By the end of 2014, online dealing platform Front Arena was live in all African operations, foreign exchange trading platform BARX was live in Botswana, Ghana, Kenya, Mauritius, Tanzania, Uganda and Zambia (by end 2015 this was “live in all planned countries”) and online cash management banking platform, Barclays.net was operational in Kenya, Uganda and South Africa.
In the retail banking space, customers will remember how late Absa was to the app ‘game’. It was the last of the big five to launch, and its app emerged nearly two years after FNB’s. At the time, we were told how the bank “leveraged off the broader Barclays group”. What isn’t that widely known is that Absa was rather far along with the development of its own app before that project was halted in favour of an implementation of the Barclays group app. And reversing its legacy platforms into a global app platform wasn’t the simplest set of tasks. The Absa app and Barclays apps (across various operations globally) were effectively the same platform.

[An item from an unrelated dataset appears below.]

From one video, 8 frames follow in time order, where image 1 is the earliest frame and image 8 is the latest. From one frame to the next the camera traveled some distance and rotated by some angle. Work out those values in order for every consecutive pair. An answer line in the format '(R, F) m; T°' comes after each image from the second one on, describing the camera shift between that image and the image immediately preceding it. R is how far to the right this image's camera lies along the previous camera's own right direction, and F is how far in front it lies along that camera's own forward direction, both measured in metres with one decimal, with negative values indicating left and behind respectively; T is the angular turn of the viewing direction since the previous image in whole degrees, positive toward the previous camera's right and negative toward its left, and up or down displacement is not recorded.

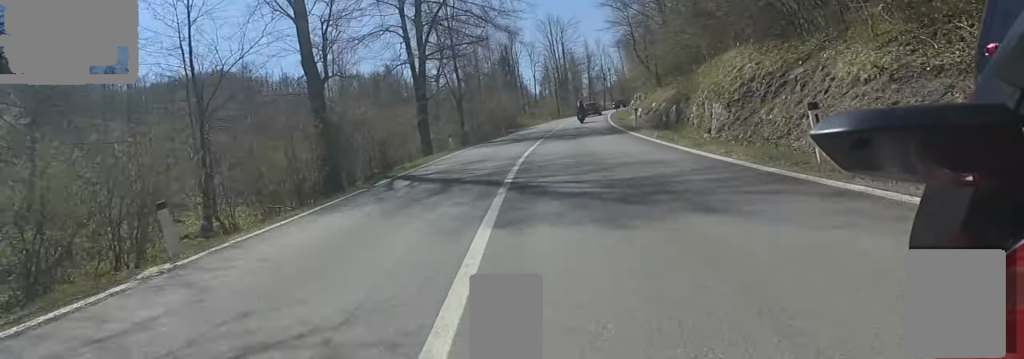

Absa’s taken that a step further with what seems to be the quiet implementation of the vanilla Barclays app (this went live less than a week ago), after updates to its current app stalled in December. It’s also very blue (not red). Could this have been part of the (now aborted) bank rebranding plan? One wonders how long this new (separate) app will remain live… (It was likely on a project roadmap signed off 18 months ago and forgotten about in this turmoil.)
Untangling these complicated technology platforms is going to be very messy (and horrendously costly). Can it start to unwind some of this IT platform spaghetti? Or at the very least stop implementing group systems?
Perhaps that 20% ‘strategic’ shareholding is a small price to pay….
But to what extent will the board and executive of Barclays Africa Group be able to influence and control its own destiny? What if it makes a decision at odds with the operating model of its (soon-to-be-ex-) parent? Can it make such a decision? Dare it? Is its future “firmly in its own hands” as Ramos attests?
Barclays Plc FD Morzaria told analysts in early March: “We’re in no rush to sell that, we’ll sell that at the right time, at the right price.” What happens while Plc does what’s best for Plc? The stable door is open. Remember that at this point, what’s good for Plc is almost completely at odds with what’s good for Barclays Africa (and vice versa). Expect the internal (and market) pressure to ratchet up.
For Ramos and co, the strategy and execution paralysis is only just beginning. By the end of this year it will be almost completely untenable. Can Barclays Africa afford to be stuck, unable to make important, long-term decisions for the next “two to three years” while Plc fiddles in London?
The best outcome for Barclays Africa, its staff, its (minority) shareholders, South Africa and the other countries in which it operates is a swift sale to a (real) long-term investor.
Perhaps that 20% ‘strategic’ shareholding is too big a price to pay.